The word "visible" marks the lines to report; pull each of them from the listing.

**Data supplied:**
________________________

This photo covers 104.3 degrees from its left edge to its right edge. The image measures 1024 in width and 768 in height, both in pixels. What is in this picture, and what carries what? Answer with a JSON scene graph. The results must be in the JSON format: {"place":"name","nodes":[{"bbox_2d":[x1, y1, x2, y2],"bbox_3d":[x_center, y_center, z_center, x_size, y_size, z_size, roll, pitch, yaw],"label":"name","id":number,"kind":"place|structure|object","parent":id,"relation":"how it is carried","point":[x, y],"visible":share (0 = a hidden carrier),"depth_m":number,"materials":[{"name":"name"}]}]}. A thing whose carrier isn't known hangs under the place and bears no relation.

________________________

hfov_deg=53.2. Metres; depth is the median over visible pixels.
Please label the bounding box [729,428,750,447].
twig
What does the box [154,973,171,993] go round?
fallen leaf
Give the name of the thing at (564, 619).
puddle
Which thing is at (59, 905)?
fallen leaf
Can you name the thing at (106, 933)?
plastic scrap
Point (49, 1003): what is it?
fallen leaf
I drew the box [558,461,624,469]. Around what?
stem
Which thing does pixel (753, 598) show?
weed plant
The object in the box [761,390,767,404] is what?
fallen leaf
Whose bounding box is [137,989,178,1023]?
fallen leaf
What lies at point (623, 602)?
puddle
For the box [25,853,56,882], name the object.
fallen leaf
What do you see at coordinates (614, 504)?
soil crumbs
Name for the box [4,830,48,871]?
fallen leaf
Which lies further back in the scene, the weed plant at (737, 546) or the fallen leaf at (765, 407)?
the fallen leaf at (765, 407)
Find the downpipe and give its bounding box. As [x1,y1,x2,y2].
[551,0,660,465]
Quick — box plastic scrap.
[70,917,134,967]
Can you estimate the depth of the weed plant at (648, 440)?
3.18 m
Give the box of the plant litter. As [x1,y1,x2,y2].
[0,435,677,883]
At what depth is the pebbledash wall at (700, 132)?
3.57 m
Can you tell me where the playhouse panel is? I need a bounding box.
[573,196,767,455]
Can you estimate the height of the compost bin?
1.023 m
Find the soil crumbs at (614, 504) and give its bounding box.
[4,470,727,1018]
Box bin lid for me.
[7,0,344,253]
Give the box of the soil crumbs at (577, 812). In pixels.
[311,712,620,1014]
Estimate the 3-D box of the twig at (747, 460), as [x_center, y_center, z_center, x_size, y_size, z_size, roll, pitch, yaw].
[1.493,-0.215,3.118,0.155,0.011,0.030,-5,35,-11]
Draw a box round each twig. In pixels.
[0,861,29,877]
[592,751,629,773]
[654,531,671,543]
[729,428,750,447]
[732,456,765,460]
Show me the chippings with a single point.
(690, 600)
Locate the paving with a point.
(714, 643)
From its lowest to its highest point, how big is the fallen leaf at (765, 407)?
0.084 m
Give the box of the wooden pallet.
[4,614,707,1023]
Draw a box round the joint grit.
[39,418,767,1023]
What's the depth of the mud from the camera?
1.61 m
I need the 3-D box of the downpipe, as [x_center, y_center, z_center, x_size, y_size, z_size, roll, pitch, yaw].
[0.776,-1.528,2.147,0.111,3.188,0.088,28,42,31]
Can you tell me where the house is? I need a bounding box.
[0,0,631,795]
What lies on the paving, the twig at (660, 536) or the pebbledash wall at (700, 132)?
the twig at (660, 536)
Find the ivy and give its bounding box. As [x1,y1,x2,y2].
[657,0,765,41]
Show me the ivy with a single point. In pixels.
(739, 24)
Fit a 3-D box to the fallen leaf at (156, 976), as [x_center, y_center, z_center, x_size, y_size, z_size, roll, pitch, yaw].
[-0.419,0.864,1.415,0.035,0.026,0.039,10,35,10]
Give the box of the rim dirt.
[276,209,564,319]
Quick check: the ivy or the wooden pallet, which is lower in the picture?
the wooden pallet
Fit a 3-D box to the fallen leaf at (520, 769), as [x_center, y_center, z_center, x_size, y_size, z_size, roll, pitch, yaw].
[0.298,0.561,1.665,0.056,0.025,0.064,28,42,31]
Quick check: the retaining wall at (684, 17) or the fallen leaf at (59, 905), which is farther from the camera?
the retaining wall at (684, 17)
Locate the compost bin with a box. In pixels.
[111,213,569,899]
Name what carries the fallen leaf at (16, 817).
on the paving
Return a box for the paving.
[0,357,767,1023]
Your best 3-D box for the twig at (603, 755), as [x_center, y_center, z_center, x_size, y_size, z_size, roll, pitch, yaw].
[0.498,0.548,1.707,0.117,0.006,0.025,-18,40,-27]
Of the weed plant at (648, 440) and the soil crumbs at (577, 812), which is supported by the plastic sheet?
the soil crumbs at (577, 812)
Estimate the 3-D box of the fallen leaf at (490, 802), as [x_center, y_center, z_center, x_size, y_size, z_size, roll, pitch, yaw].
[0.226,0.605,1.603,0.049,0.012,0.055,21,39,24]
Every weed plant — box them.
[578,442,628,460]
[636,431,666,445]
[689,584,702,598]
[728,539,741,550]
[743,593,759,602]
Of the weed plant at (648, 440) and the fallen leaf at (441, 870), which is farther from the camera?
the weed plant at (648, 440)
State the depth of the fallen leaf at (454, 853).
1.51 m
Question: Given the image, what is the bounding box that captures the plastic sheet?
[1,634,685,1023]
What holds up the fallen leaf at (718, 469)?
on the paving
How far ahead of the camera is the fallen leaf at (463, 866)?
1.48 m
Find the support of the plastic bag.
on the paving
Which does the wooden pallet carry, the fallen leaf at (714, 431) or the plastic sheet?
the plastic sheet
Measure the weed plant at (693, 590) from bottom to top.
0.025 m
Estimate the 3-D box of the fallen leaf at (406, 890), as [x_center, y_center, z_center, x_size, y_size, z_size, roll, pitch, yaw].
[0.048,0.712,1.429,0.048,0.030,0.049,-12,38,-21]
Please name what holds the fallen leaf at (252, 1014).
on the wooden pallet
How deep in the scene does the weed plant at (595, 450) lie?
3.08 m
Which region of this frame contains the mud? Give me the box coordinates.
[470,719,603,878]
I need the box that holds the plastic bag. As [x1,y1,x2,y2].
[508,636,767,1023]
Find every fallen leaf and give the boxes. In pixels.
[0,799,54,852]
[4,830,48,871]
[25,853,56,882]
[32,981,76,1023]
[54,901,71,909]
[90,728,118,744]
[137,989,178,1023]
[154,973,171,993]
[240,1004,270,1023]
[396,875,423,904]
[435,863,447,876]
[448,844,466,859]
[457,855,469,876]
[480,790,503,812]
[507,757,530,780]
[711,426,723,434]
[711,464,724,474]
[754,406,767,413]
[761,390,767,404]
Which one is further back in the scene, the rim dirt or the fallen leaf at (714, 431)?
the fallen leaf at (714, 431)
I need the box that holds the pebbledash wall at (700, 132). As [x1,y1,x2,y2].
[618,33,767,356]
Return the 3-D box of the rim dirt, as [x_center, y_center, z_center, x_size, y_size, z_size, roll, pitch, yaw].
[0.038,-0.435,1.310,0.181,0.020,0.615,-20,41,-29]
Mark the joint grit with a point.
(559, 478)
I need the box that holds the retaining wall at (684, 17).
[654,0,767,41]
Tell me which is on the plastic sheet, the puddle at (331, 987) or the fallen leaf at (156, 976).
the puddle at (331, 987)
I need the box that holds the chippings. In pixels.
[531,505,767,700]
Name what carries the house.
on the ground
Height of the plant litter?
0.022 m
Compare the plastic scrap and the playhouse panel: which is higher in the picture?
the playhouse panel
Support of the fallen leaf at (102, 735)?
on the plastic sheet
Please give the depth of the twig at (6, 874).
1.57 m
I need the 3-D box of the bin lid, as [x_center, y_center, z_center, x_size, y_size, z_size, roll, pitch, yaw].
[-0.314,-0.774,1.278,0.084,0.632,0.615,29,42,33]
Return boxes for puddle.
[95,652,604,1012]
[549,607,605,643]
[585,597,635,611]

________________________

**Response to this task:**
This photo covers 104.3 degrees from its left edge to its right edge. The image measures 1024 in width and 768 in height, both in pixels. What is in this picture, and what carries what? Answer with a JSON scene graph. The results must be in the JSON format: {"place":"name","nodes":[{"bbox_2d":[x1, y1, x2, y2],"bbox_3d":[x_center, y_center, z_center, x_size, y_size, z_size, roll, pitch, yaw],"label":"name","id":number,"kind":"place|structure|object","parent":id,"relation":"how it is carried","point":[x, y],"visible":share (0 = a hidden carrier),"depth_m":number,"materials":[{"name":"name"}]}]}. A thing whose carrier isn't known hangs under the place and bears no relation.
hfov_deg=53.2. Metres; depth is the median over visible pixels.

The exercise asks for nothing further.